Dans l’est de la République démocratique du Congo, les effets combinés du changement climatique et de l’insécurité armée continuent de pousser des centaines de familles à l’exode. Dans le territoire de Nyiragongo, au Nord-Kivu, plus de 60 hommes et femmes déplacés tentent aujourd’hui de reconstruire leur vie grâce à l’agriculture durable.
Originaires principalement du Sud-Kivu, ces déplacés ont fui à la fois les violences armées liées au conflit opposant l’armée congolaise aux rebelles du M23 et la dégradation de leurs terres agricoles provoquée par les dérèglements climatiques. À Mudja, un groupement situé au nord-ouest de la ville de Goma, ils transforment désormais des terrains couverts de pierres volcaniques en jardins potagers.
Sous la lumière matinale, hommes et femmes s’activent dans un champ aménagé avec l’appui de l’Association des Jeunes Visionnaires pour le Développement du Congo (AJVDC/Brigade Verte), en partenariat avec MISEREOR et l’Église catholique de Goma.
Ici, chaque parcelle cultivée représente un défi relevé contre un environnement hostile. Les déplacés y cultivent notamment des amarantes, des choux et des oignons afin de subvenir aux besoins de leurs familles.
« Chez nous, la terre ne produisait plus rien. Pour éviter que les enfants ne meurent de faim, j’ai rejoint les autres qui vivent ici. On nous encadre et je peux dire que cela fonctionne, même si ce n’est pas facile », témoigne Justine Kaghoma, ancienne cultivatrice de Kavumu, dans le Sud-Kivu, tenant dans ses mains une botte d’amarantes fraîchement récoltées.
À ses côtés, Aline Bahati, venue du territoire de Walungu, estime que les déplacés climatiques restent largement oubliés.
« Le changement climatique est une réalité. J’ai fui la famine parce que nous ne cultivions plus comme avant. On parle souvent des victimes de guerre, mais rarement des victimes du climat. Nous souffrons aussi et nous avons besoin d’aide », explique-t-elle.
Le même constat est partagé par André Alimasi, déplacé de Bushushu, dans le territoire de Kalehe, où les inondations ont emporté sa maison et tous ses biens.
Vers 9 heures, les récoltes commencent dans une ambiance organisée. Justin Mutabesha, activiste climatique au sein de l’AJVDC, coordonne les travaux du jour.
« Nous leur apprenons à comprendre les enjeux climatiques, à protéger l’environnement et à agir concrètement pour préserver notre planète », explique-t-il.
Au-delà de la production agricole, le projet se veut également un espace d’apprentissage communautaire et environnemental.

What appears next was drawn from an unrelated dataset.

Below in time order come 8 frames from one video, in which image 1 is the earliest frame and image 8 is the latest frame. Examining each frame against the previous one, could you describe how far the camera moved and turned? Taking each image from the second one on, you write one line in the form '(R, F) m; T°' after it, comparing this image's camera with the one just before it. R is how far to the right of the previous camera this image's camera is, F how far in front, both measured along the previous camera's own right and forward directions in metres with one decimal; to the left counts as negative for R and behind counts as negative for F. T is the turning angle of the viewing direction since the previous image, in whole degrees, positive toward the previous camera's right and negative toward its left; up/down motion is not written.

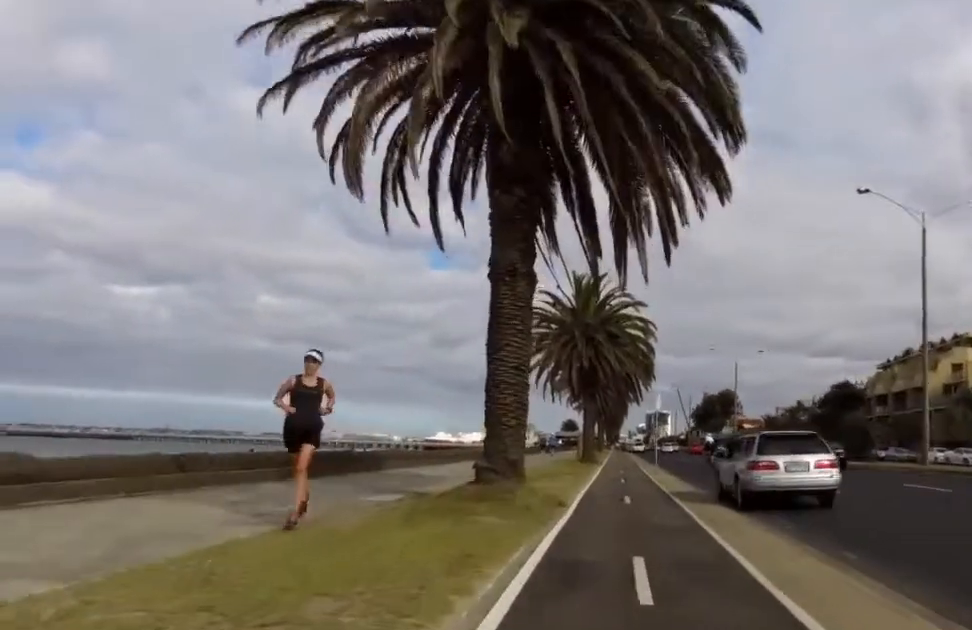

Les bénéficiaires partagent les récoltes entre familles et développent progressivement une solidarité nouvelle au sein de la communauté d’accueil.
« Nous sommes devenus une famille ici. Nous sommes bien accueillis par la population locale, malgré nos origines différentes. Nous cultivons même des champs appartenant à des personnes qui nous ont simplement fait confiance », raconte Louise Bahati, sourire aux lèvres.
La RDC figure parmi les pays les plus vulnérables aux effets du changement climatique. Inondations, sécheresses prolongées, hausse des températures et perturbation des cycles agricoles aggravent l’insécurité alimentaire et accentuent les déplacements de populations.
À travers ses jardins communautaires et scolaires, l’AJVDC tente d’apporter une réponse locale à cette double crise sécuritaire et climatique. L’organisation mène également des activités d’éducation environnementale dans plusieurs écoles de Goma et du Sud-Kivu, notamment à l’EP Nengapeta de Mugunga et à l’École primaire Shanga, dans la paroisse Bobandana.
Pour les initiateurs du projet, ces espaces agricoles sont devenus de véritables outils pédagogiques permettant de sensibiliser les communautés et les élèves à la protection de l’environnement.
Face à l’ampleur des besoins, les responsables de l’AJVDC appellent le gouvernement congolais et les partenaires techniques et financiers à soutenir davantage les initiatives locales de résilience climatique dans les provinces du Nord et du Sud-Kivu.